__DATA IN THIS EXERCISE__:
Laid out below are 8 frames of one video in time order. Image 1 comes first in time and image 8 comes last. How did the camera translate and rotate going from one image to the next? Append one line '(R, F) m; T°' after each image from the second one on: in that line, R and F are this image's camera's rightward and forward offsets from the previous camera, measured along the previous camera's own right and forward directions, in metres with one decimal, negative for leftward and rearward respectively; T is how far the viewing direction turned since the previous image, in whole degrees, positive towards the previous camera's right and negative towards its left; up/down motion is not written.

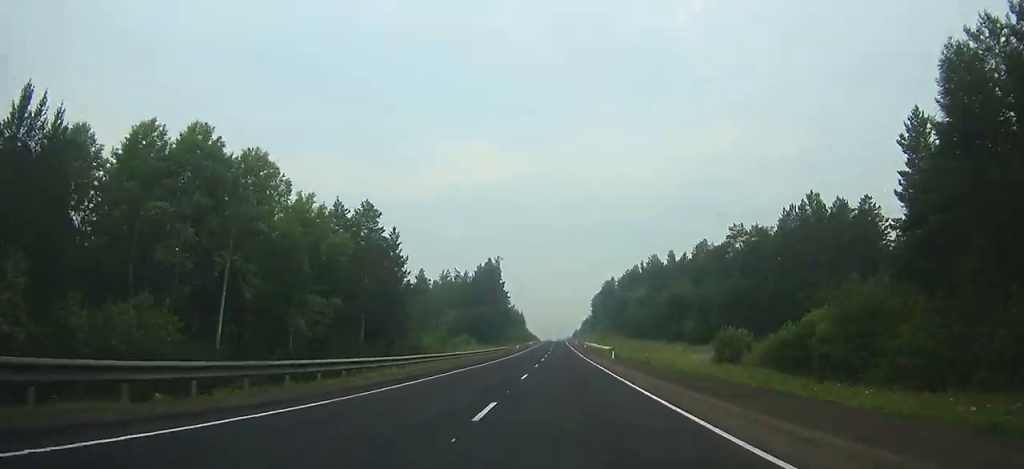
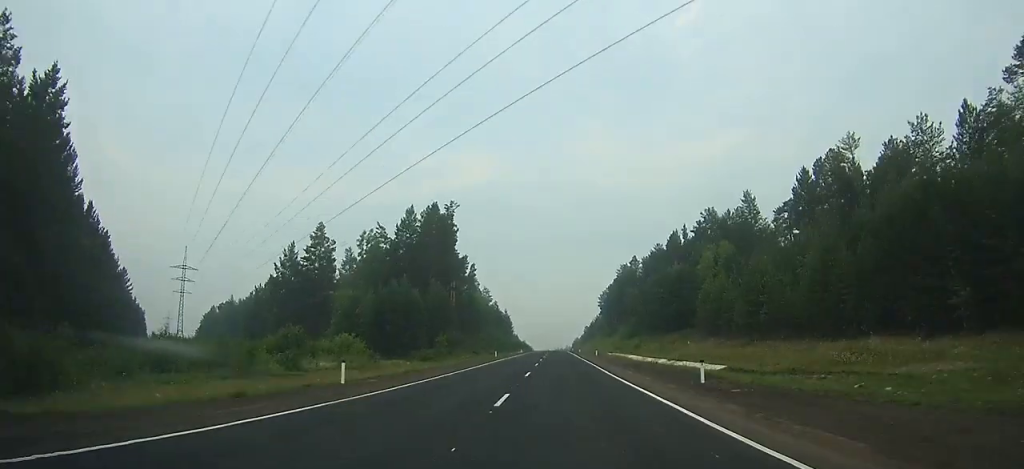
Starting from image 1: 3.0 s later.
(+0.1, +78.9) m; 0°
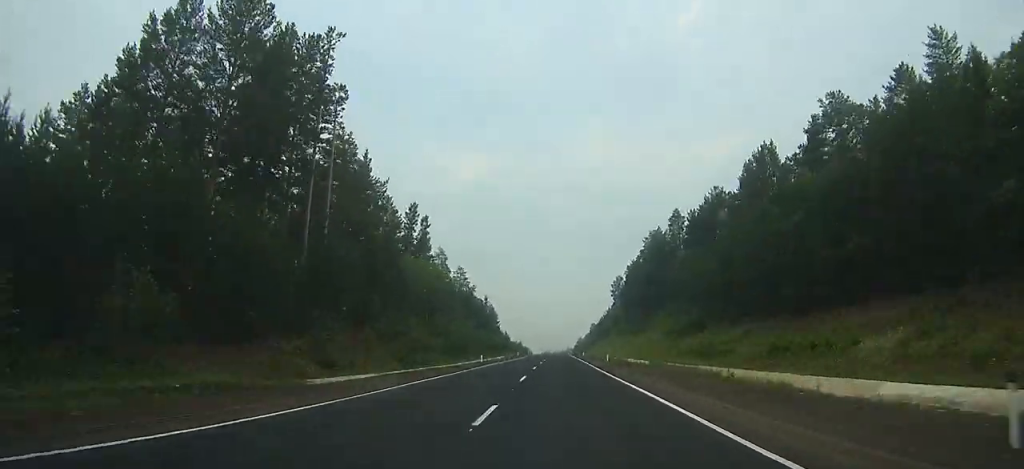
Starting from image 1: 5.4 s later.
(+0.1, +61.4) m; 0°
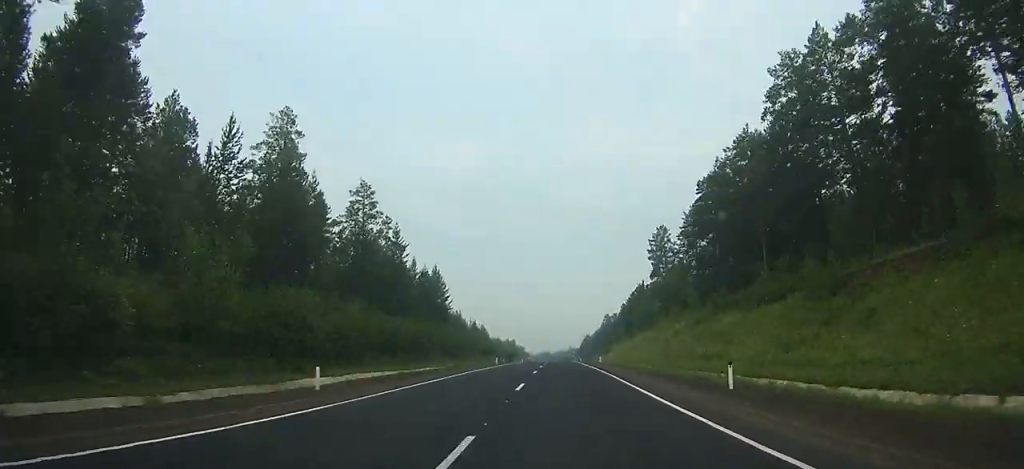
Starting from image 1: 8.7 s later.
(-0.1, +84.0) m; 0°
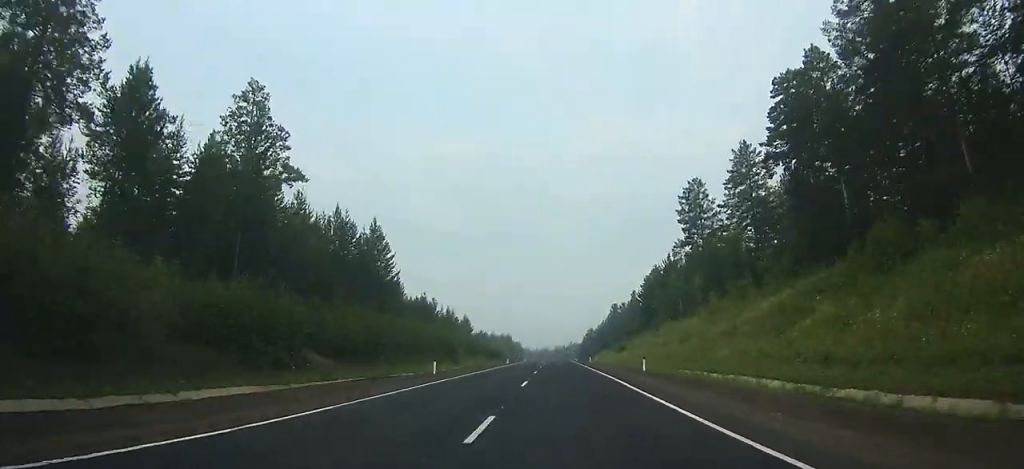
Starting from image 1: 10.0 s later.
(0.0, +34.9) m; 0°
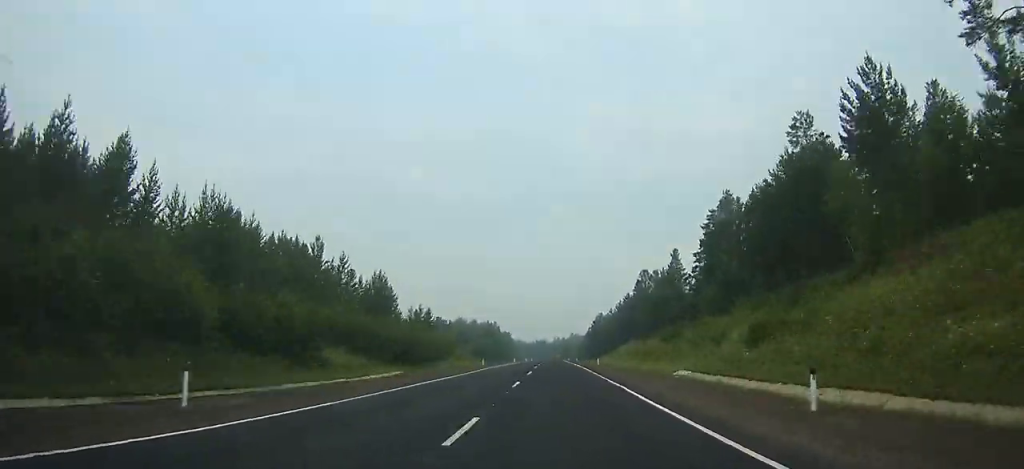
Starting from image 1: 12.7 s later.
(0.0, +72.9) m; 0°
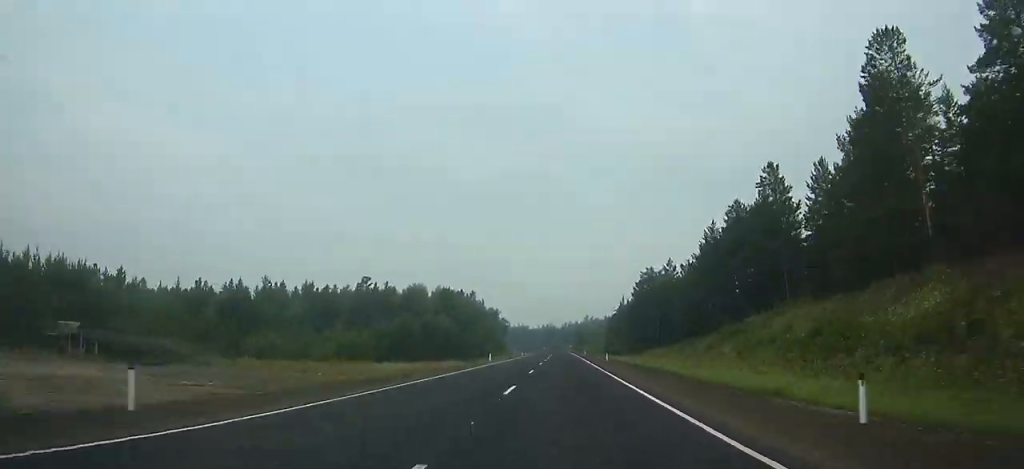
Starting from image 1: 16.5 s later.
(-0.2, +104.1) m; -1°
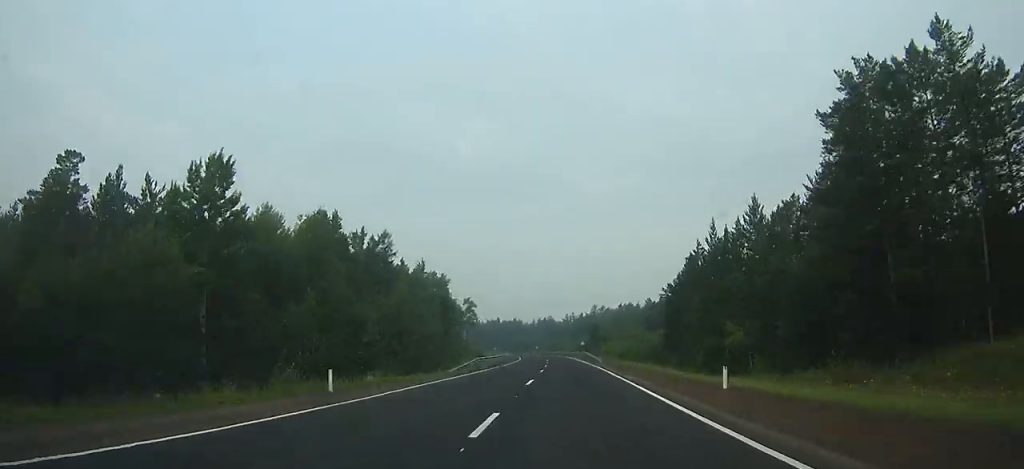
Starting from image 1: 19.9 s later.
(-0.6, +96.6) m; -5°

__DESCRIPTION OF THE TASK__:
Going from the line with "Starting from image 1: 12.7 s later." to the last line of the listing, write out each line exactly and nothing else. Leave out all pictures.

__EXPECTED ANSWER__:
Starting from image 1: 12.7 s later.
(0.0, +72.9) m; 0°
Starting from image 1: 16.5 s later.
(-0.2, +104.1) m; -1°
Starting from image 1: 19.9 s later.
(-0.6, +96.6) m; -5°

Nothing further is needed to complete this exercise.